Small businesses, on the other hand, can’t get those terms. Instead, they tend to utilize shorter-term, floating rate debt. The Fed’s interest rate policies are causing the cost of their debt service to skyrocket. Falling rates will help, but it’s generally understood it takes six to nine months for Fed policy to trickle down to consumers. Small businesses aren’t out of the woods yet.
The Specter of Rising Inflation
Which leads us to our other big worry right now: the market’s impression on interest rates. We’ve talked about this a lot in these pages: the market has/had an extremely optimistic view on how quickly the Fed is going to cut rates. What if it’s not all “sunshine & rainbows” with consistent rate cuts for the next nine months?
The Fed is driving the car through the rear-view mirror right now. They have publicly admitted their forecasting models are broken, so they are “data dependent” (i.e., making decisions today on data that showed what happened a month or more prior). And right now, the data is showing significant growth, which the Fed could interpret as rising inflation.
GDP for Q4 is now forecast to come in at 3.4%. Employment is growing again. Wages had their biggest jump of the year in September. As we talked about in our memo last week – this is good news and it’s being treated as good news (so far) by the market.
But we’re starting to hear grumblings from Fed governors that the 0.50% cut in September was too much, too soon. The truth is no one knows. The data we’re talking about is FROM September. Which means there is no way the Fed’s cuts on September 18th impacted the results. But if Powell and the Fed don’t cut rates another two times this year – as the market expects – it may cause some short-term volatility. It’s something to watch closely.
Value’s Back, Baby!
And now the good news – especially for investors at Insight Wealth Group. The wild concentration in positive performance by the Magnificent Seven seems to be behind us. The rest of the market is catching up.
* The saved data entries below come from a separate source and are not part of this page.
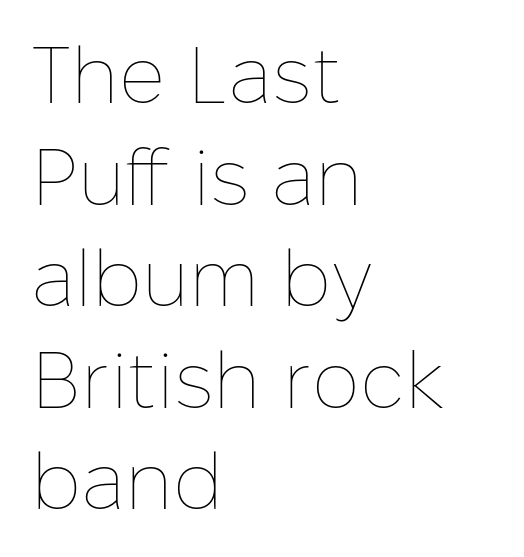
Q: Is the text bold? A: No.
Q: Is the text italic (slanted)? A: No, it is upright.
Q: Is the text underlined? A: No.
Q: How is the paragraph aligned? A: Left-aligned.
Q: Is the spacing between letters normal or unusually wide? A: Normal.
Q: Is the spacing between lines tight, normal or loose? A: Normal.
Q: Width (condensed, normal, or wide)? A: Normal.
Q: Stroke contrast? A: Low.
Q: x-height? A: Medium.
Q: Monospaced? A: No.

Earlier this year, we saw the lowest percentage in the last 50 years of companies in the S&P 500 beating the index. Less than 25% of S&P 500 companies were beating the average.
Past performance is not indicative of future results.
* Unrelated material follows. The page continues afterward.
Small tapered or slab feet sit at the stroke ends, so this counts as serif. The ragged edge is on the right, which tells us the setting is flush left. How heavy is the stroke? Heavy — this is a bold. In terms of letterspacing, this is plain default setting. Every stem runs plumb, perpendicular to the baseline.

It seems like that all changed on June 19th. The chart below, from our friends at Taiber Kosmala & Associates, shows performance by sector before June 19th and after. It’s been a stunning reversal. Value stocks are booming, and growth stocks are struggling.
Source: Taiber Kosmala & Associates
But here’s the thing: this is entirely normal. History shows that bull markets tend to be led out of the gate by the biggest, “growthiest” companies. And the rest of the market – eventually – comes along. The growth that is happening right now is in some of the more boring, more stable sectors of the market. That should be good news for portfolios as we continue to work through the hiccups of interest rate policy changes and the upcoming election.
We’ve almost made it to the election finish line. As we cross it, expect issues like these to matter more and more as the market moves on from politics (for now). Thank goodness.